Adegannya terkesan alami, nggak dibuat-buat atau didramatisasi (mungkin karena emang kisah nyata ya). Seperti saat Hanum marah karena merasa agamanya diejek, kebimbangan Rangga, ataupun hubungan Hanum-Rangga yang normal. Tahu kan, biasanya di film-film kan suami-istri mesra banget. Lah, di sini, normal banget: ya ketawa, ya ngambek, ya mesra juga tentunya. Dan makanannya! Dalam film-film yang setting-nya di Barat, seringkali makanannya adalah makanan Barat pula. Di sini, pasangan Hanum-Rangga kelihatan Indonesia banget. Makan pake tangan, lauknya krupuk dan ikan asin. Mahasiswa di perantauan banget lah, yang justru bikin alami karena mana ada sih mahasiswa perantauan yang tiap hari makan fine-dining (kecuali emang kaya).
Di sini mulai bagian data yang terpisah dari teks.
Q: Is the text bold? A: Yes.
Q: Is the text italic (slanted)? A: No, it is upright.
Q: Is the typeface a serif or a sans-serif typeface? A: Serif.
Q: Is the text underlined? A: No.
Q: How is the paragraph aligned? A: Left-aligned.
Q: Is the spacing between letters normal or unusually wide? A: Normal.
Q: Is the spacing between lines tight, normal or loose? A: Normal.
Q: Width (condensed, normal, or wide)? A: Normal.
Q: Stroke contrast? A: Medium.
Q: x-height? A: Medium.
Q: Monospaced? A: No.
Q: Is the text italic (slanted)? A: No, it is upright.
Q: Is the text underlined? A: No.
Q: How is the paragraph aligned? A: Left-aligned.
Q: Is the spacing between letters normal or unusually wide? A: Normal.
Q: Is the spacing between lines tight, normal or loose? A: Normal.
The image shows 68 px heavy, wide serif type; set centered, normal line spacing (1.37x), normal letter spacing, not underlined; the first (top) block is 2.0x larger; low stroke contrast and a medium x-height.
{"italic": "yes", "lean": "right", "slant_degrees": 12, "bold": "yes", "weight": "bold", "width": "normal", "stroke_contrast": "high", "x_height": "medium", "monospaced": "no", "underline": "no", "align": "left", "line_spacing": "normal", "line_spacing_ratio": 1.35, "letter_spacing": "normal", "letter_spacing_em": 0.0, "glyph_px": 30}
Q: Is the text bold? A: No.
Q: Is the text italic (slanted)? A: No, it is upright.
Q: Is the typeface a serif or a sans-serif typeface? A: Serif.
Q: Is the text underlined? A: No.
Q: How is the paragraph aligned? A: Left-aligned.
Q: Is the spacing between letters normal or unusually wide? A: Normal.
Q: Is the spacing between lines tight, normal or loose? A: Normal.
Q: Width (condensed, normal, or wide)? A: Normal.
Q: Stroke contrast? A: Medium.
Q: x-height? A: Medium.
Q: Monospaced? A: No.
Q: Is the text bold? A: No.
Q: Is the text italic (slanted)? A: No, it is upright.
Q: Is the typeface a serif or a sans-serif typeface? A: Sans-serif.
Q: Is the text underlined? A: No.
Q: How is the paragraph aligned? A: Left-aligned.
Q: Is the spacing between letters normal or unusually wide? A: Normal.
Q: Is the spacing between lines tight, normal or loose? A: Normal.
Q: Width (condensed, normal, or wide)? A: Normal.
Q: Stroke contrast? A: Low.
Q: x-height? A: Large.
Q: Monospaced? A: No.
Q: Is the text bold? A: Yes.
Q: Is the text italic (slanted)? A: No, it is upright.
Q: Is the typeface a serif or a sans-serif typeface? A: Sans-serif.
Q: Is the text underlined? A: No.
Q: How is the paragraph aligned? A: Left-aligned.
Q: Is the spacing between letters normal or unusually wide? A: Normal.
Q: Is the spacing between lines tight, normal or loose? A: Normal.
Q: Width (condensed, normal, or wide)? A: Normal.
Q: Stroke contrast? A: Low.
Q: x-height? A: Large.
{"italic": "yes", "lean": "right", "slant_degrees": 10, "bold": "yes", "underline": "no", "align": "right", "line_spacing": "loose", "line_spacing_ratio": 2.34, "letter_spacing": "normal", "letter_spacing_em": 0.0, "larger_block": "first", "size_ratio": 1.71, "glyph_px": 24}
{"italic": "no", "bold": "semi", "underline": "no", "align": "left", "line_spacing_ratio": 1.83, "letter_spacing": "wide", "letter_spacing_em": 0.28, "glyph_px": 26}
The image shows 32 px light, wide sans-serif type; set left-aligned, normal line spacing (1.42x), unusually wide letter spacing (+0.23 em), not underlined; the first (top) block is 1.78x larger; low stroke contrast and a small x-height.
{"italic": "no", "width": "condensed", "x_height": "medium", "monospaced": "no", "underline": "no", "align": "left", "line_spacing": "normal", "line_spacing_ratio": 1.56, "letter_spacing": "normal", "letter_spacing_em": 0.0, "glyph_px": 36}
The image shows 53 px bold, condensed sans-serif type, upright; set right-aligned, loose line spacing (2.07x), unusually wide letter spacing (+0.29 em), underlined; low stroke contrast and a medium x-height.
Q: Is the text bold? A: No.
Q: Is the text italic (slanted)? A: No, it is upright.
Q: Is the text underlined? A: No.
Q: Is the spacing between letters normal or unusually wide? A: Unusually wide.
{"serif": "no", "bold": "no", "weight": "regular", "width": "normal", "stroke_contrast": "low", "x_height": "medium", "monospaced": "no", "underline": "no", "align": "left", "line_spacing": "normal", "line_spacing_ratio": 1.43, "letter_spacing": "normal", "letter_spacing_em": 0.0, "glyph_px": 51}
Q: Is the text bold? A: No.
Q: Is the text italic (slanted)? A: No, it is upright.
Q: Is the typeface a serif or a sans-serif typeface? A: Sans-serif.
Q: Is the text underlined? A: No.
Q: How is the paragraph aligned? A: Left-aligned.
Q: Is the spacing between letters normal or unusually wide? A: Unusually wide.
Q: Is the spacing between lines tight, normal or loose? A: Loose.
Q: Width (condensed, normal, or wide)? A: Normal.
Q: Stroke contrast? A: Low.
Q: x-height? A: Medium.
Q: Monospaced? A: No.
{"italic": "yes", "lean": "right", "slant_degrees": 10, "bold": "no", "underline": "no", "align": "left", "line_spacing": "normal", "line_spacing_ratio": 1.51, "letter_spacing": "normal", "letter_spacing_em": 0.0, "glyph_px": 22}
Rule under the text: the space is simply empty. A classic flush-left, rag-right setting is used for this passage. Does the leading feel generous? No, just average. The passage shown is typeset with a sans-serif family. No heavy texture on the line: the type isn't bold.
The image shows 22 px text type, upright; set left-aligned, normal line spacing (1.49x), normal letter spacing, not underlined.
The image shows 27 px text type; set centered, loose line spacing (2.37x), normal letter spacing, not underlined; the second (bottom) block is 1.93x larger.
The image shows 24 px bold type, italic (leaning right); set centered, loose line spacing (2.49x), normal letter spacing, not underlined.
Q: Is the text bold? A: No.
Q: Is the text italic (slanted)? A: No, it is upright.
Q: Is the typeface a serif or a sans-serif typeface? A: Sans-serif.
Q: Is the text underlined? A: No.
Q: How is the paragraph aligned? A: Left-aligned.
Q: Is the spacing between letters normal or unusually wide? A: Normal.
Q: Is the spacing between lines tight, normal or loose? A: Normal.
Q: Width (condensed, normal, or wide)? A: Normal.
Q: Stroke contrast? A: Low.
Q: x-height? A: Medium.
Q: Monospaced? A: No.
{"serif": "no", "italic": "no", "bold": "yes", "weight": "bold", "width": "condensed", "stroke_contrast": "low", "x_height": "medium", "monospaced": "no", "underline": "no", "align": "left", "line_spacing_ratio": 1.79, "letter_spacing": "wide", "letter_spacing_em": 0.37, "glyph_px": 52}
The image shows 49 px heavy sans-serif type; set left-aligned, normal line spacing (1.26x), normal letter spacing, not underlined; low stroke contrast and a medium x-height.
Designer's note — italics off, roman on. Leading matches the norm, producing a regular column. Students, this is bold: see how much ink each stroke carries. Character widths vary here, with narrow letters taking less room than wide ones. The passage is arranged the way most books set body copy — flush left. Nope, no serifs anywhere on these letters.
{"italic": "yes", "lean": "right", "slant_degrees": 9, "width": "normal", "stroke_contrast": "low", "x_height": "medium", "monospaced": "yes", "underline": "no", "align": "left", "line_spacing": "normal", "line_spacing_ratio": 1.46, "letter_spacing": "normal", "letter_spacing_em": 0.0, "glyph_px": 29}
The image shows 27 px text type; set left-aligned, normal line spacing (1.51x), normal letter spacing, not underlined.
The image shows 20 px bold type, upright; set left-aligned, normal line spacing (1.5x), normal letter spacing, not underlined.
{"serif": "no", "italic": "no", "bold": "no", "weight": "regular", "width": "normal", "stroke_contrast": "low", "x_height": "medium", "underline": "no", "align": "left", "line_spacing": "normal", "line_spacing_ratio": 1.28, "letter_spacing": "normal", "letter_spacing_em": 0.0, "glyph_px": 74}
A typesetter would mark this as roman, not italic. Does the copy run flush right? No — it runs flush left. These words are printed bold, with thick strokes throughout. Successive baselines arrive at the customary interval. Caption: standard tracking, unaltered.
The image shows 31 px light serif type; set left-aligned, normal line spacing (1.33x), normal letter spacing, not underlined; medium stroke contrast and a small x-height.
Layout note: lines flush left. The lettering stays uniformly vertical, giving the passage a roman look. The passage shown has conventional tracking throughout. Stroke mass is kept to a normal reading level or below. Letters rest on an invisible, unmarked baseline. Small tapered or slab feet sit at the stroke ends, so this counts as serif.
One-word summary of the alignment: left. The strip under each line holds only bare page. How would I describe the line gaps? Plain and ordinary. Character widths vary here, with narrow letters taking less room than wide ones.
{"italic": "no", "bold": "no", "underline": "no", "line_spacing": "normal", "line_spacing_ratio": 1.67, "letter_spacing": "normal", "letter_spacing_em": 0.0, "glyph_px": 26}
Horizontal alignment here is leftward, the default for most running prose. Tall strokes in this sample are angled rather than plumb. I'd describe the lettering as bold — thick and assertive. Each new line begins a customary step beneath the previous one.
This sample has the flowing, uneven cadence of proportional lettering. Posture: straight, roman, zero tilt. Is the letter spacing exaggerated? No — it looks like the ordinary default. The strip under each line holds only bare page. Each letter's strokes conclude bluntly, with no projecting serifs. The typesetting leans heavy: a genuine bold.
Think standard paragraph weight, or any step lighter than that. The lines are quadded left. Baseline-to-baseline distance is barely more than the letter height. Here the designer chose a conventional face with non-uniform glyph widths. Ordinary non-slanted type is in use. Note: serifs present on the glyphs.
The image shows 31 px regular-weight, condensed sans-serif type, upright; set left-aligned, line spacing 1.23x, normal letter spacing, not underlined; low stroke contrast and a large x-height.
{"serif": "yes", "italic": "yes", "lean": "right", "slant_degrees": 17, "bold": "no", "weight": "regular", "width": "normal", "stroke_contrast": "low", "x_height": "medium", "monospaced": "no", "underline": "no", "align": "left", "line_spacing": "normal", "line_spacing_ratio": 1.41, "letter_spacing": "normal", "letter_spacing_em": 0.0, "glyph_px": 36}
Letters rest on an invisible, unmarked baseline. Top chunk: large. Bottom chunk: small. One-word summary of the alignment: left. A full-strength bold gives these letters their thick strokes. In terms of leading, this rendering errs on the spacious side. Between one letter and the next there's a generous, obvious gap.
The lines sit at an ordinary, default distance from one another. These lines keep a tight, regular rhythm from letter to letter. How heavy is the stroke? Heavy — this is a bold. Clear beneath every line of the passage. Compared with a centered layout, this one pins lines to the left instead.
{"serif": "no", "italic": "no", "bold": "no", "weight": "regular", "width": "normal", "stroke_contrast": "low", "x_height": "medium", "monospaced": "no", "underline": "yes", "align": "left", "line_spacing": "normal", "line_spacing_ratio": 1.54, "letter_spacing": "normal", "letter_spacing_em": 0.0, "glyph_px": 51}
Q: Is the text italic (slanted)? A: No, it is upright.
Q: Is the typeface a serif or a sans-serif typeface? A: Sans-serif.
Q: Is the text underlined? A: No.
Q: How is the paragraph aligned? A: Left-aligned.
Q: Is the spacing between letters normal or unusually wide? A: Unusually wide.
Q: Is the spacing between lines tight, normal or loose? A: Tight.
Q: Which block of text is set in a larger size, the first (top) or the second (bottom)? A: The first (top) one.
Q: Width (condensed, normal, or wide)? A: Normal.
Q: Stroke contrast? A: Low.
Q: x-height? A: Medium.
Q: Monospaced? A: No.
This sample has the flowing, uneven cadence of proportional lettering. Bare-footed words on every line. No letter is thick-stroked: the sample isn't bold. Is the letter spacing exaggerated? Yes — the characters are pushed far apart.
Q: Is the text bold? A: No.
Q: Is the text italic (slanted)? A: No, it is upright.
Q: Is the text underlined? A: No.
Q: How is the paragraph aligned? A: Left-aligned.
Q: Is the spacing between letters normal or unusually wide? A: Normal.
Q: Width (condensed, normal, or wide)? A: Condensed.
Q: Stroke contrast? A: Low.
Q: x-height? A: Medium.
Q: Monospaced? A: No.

Film ini mirip, kalo nggak bisa dibilang persis, dengan yang ada di novel. Namun, di beberapa bagian memang ada yang dimodifikasi. Seperti adegan-adegan Rangga dan terutama ending yang mellow banget, yang nggak saya rasakan saat baca novelnya. Kalau baca novelnya, kita dapet substansinya, maka kalau lihat filmnya, saya dapet substansi plus feel-nya.
----------------------------------------------------------------
Pemeran:
Acha Septriasa sebagai Hanum Rais
Abimana Aryasatya sebagai Rangga Almahendra
Raline Shah sebagai Fatma Pasha
Geccha Tavvara sebagai Ayse
Dewi Sandra sebagai Marion
Nino Fernandez sebagai Stefan
Alex Abbad sebagai Khan
Marissa Nasution sebagai Marja
Dian Pelangi sebagai Latife (teman Fatma)
Hanum Rais sebagai Ezra (teman Fatma)
Sutradara:
Guntur Soeharjanto
Soundtrack:
Cahaya di Langit Itu - Fatin Shidqia Lubis
FYI, film berlanjut ke Part 2. Belum tahu kapan rilisnya.